3) Given a date, return all ids that violated any policy on that exact date.
Start with a straightforward approach, then:
- Choose data structures and analyze the time/space of building the index and answering each query.
- Optimize using appropriate inverted indexes (e.g., id→policies, policy→ids, date→ids). Show core APIs (build(log), query_by_id(id), query_by_policy(policy), query_by_date(date)) and pseudocode.
- If there will be many repeated queries, propose caching or precomputation strategies (e.g., memoization of frequent queries, materialized sets), and discuss invalidation when new events arrive.
- If the event list is sorted by date, explain how to use binary search to locate all events for a target date efficiently and return the corresponding ids; provide the algorithm and complexity.
- Discuss trade-offs between query latency and memory, and how your design scales with number of events, distinct ids, and distinct policies.
Quick Answer: This question evaluates proficiency in data structures, in-memory indexing and query design, algorithmic time/space complexity analysis, and reasoning about state management for dynamic event streams.
Solution
### Problem restated (briefly)
We ingest an append-only stream of violation events, each a tuple `(id, policy, date)` where `id` and `policy` are strings and `date` is an ISO-8601 day (e.g. `"2026-06-16"`).

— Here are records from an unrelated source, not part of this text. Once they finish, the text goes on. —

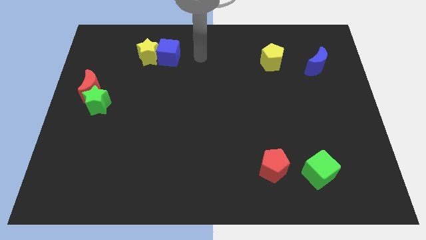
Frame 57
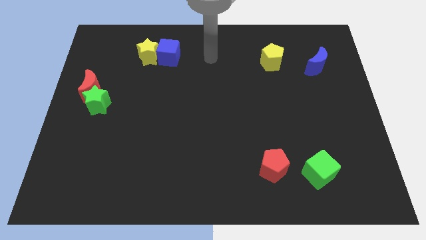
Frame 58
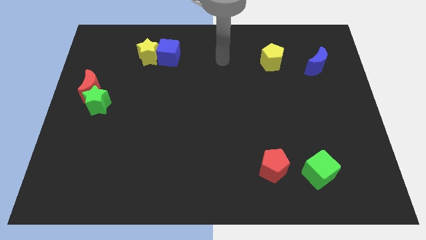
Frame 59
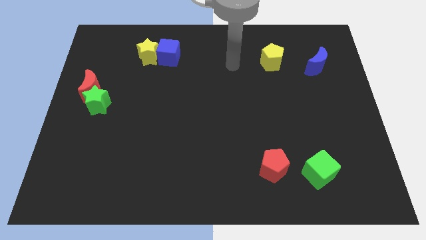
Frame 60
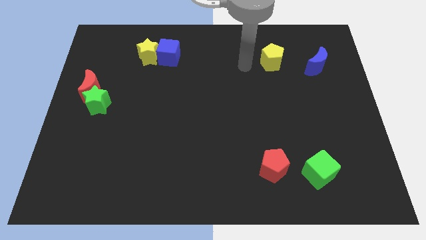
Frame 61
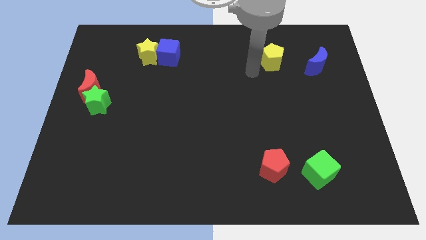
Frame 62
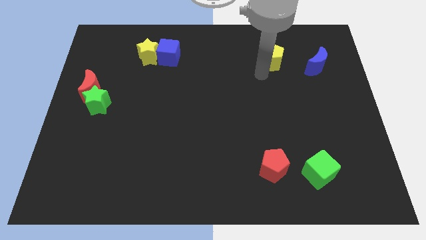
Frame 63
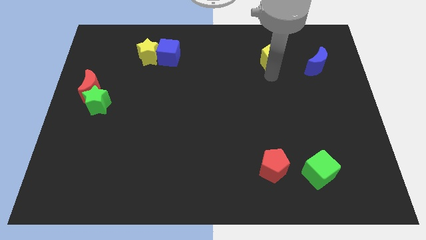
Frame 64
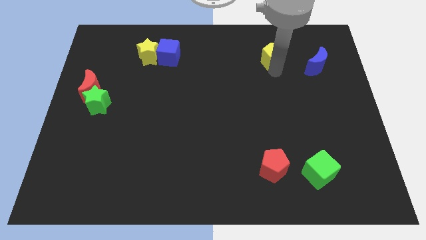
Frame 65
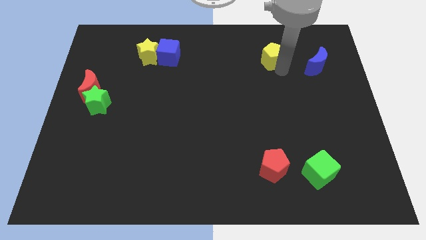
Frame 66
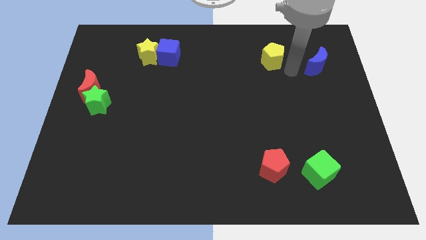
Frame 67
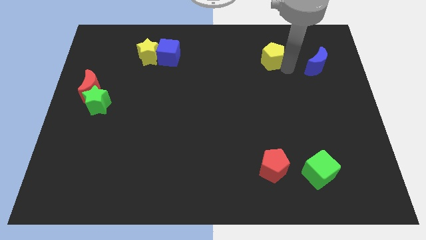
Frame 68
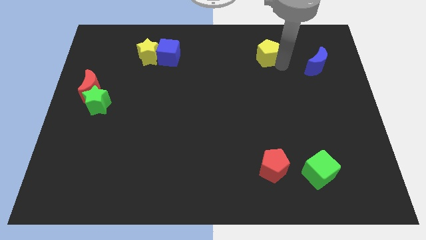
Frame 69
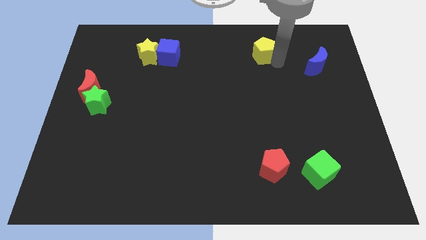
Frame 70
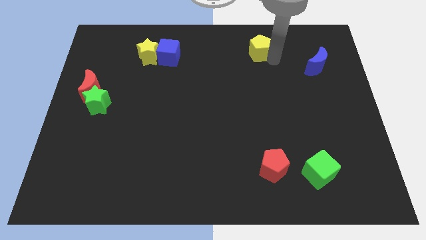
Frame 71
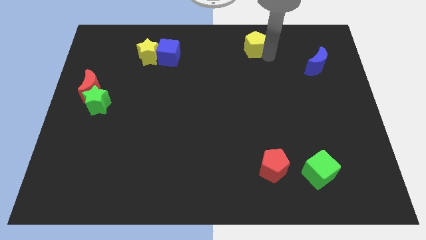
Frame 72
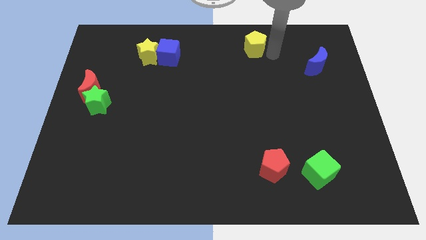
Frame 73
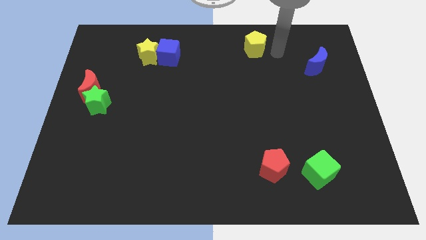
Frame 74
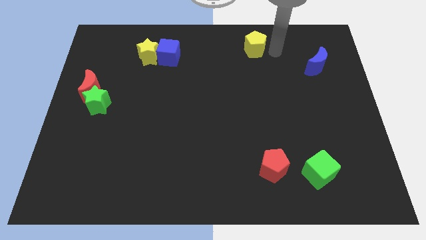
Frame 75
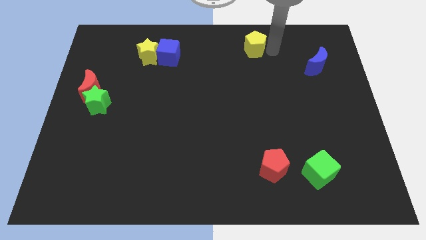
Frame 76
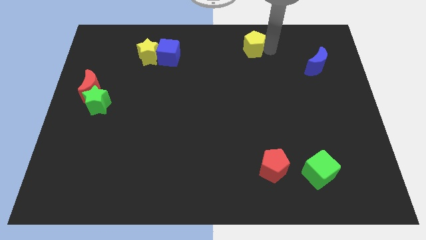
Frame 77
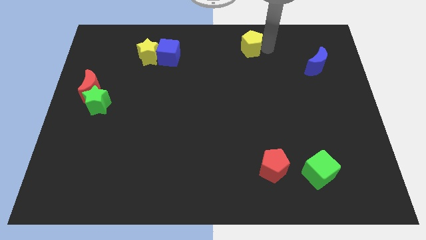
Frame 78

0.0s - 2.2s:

We must answer three lookups quickly:
1. `query_by_id(id)` → set of policies this id violated.
2. `query_by_policy(policy)` → set of ids that violated this policy.
3. `query_by_date(date)` → set of ids with any violation on that exact date.
The classic interview arc here is: **start with the naive scan, then build inverted indexes, then add caching, then exploit sortedness with binary search, then discuss trade-offs and scaling.** I'll walk that arc.
---
### Step 0 — Naive baseline (the "straightforward approach")
Keep the raw list `events: List[(id, policy, date)]` and answer every query with a full linear scan.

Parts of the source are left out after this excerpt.